A Lei 11.289 altera a Lei 8.570, de 2003, que dispõe sobre a criação da Notificação Compulsória da Violência contra a Mulher e da Comissão de Monitoramento de Violência contra a Mulher. O texto anterior caracterizava apenas três tipos de violência: física, sexual e doméstica. A nova redação já prevê cinco, estendendo suas definições:
I - violência física: qualquer conduta que ofenda a integridade ou a saúde corporal;
II - violência psicológica: qualquer conduta que a) cause dano emocional e diminuição da autoestima; b) prejudique e perturbe o pleno desenvolvimento; c) vise degradar ou controlar as ações, comportamentos, crenças e decisões da mulher, mediante ameaça, constrangimento, humilhação, manipulação, isolamento, vigilância constante, perseguição contumaz, insulto, chantagem, violação da intimidade, ridicularização, exploração e limitação do direito de ir e vir ou qualquer outro meio que cause prejuízo à saúde psicológica e à autodeterminação;
III - violência sexual: qualquer conduta que: a) constranja a presenciar, manter ou participar de relação sexual não desejada, mediante intimidação, ameaça, coação ou uso da força; b) induza a comercializar ou a utilizar, de qualquer modo, a sexualidade; c) impeça de usar qualquer método contraceptivo; d) force ao matrimônio, à gravidez, ao aborto ou à prostituição, mediante coação, chantagem, suborno ou manipulação; e) limite ou anule o exercício de seus direitos sexuais e reprodutivos;
IV - violência patrimonial: qualquer conduta que configure retenção, subtração, destruição parcial ou total de seus objetos, instrumentos de trabalho, documentos pessoais, bens, valores e direitos ou recursos econômicos, incluindo os destinados a satisfazer suas necessidades;
V - violência moral: qualquer conduta que configure calúnia, difamação ou injúria.
Outra mudança em relação ao texto original foi a inclusão de dispositivo que prevê infração de legislação referente à saúde pública em caso de inobservância das obrigações estabelecidas na lei, sem prejuízo das sanções penais cabíveis.
Veto à notificação aos órgãos competentes
Justificando inconstitucionalidade, o prefeito Alexandre Kalil (PSD) vetou trecho que determinava o encaminhamento de via da notificação compulsória de violência contra a mulher a vários órgãos, entre eles a Delegacia Especializada de Crimes contra a Mulher.

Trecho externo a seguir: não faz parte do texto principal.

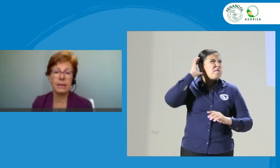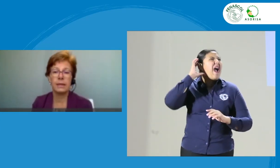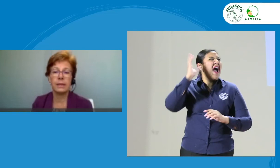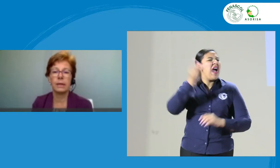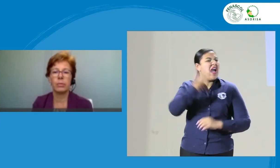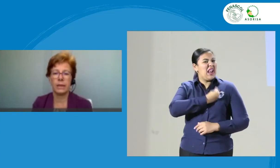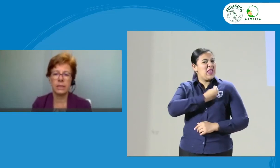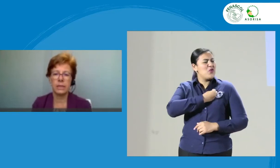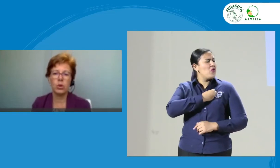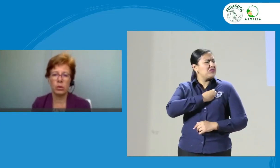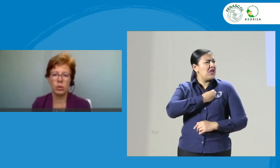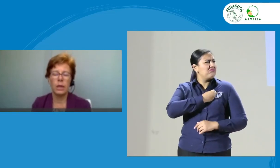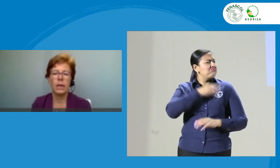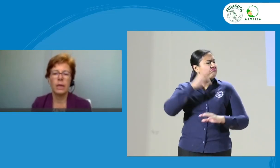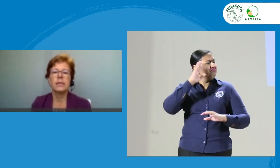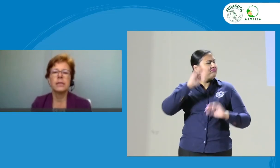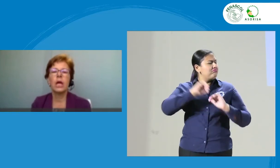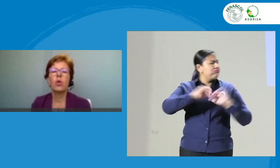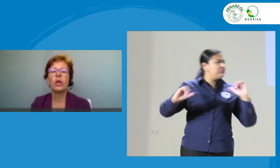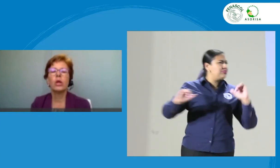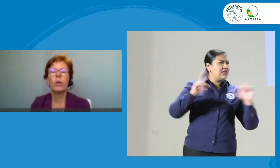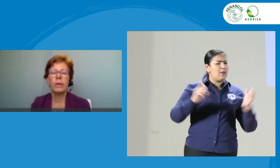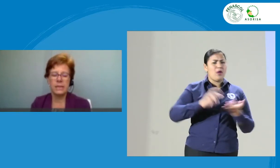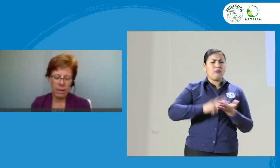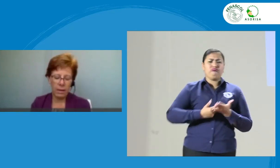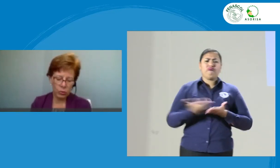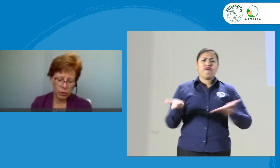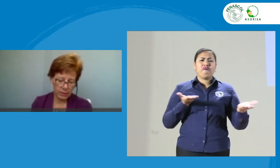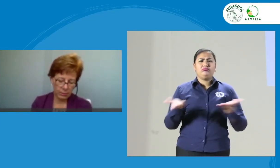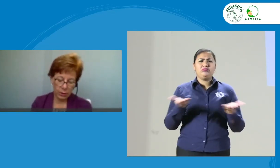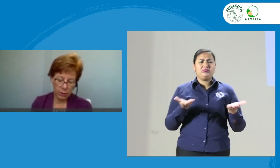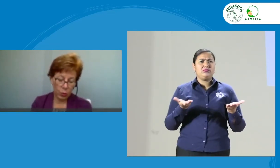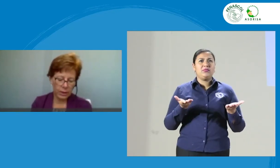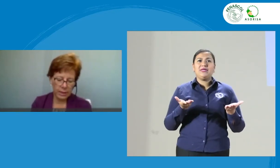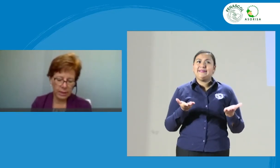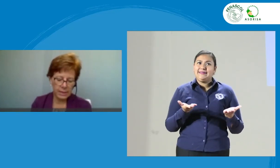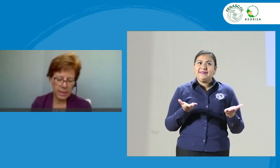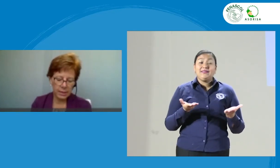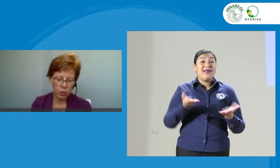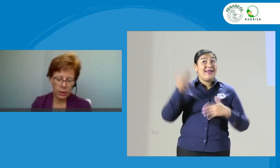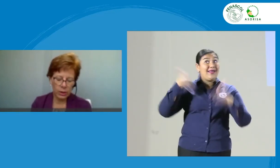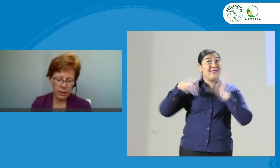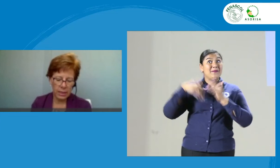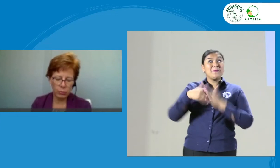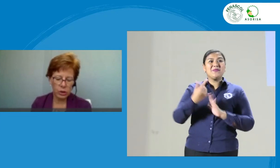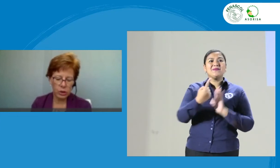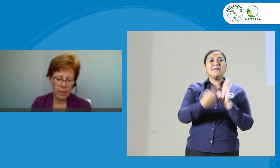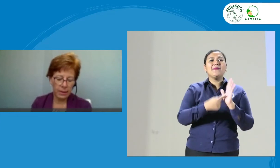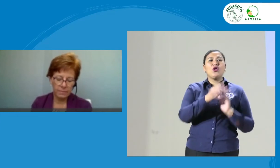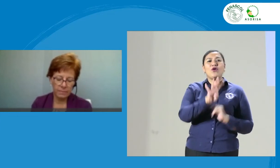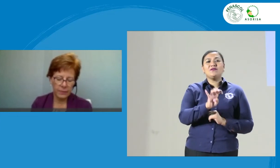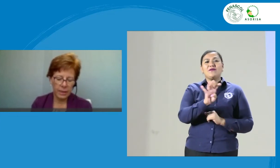más de la interpretación. Sé que cuando empezamos en el 97 lo que teníamos era

De acordo com o Executivo, o assunto é regido pelo direito processual penal, e, portanto, reservado à competência legislativa da União. Kalil também argumenta que o dispositivo vetado não traz inovação ao ordenamento jurídico, mencionando legislação federal que estabelece comunicação à polícia que casos em que haja indícios ou confirmação de violência contra a mulher no prazo de 24 horas (Lei Federal 10.778/2003).
Histórico
O PL 865/19, que deu origem à 11.289/2021, gerou debate enquanto tramitou na Câmara Municipal. Durante sua votação em 2º turno, vereadoras contrárias ao projeto - Iza Lourença (Psol), Macaé Evaristo (PT) e Duda Salabert (PDT) - argumentaram que a compulsoriedade da notificação retira a autonomia da vítima e aumenta o risco de retaliação por parte do agressor, sendo necessário um apoio efetivo do poder público para encorajar a denúncia. Já a autora do texto, Nely Aquino, juntamente com Irlan Melo (PSD), Professor Claudiney Dulim (Avante), Rogerio Alkimim (PMN) e Rubão (PP), argumentou que o procedimento favorece a penalização do agressor, que pode ficar impune por não ter sido denunciado. “Por mais que a mulher esteja num momento vulnerável e apresentar a situação para a polícia seja uma coisa séria, mais sério é ela morrer dentro de casa sem a polícia ficar sabendo”, disse Nely.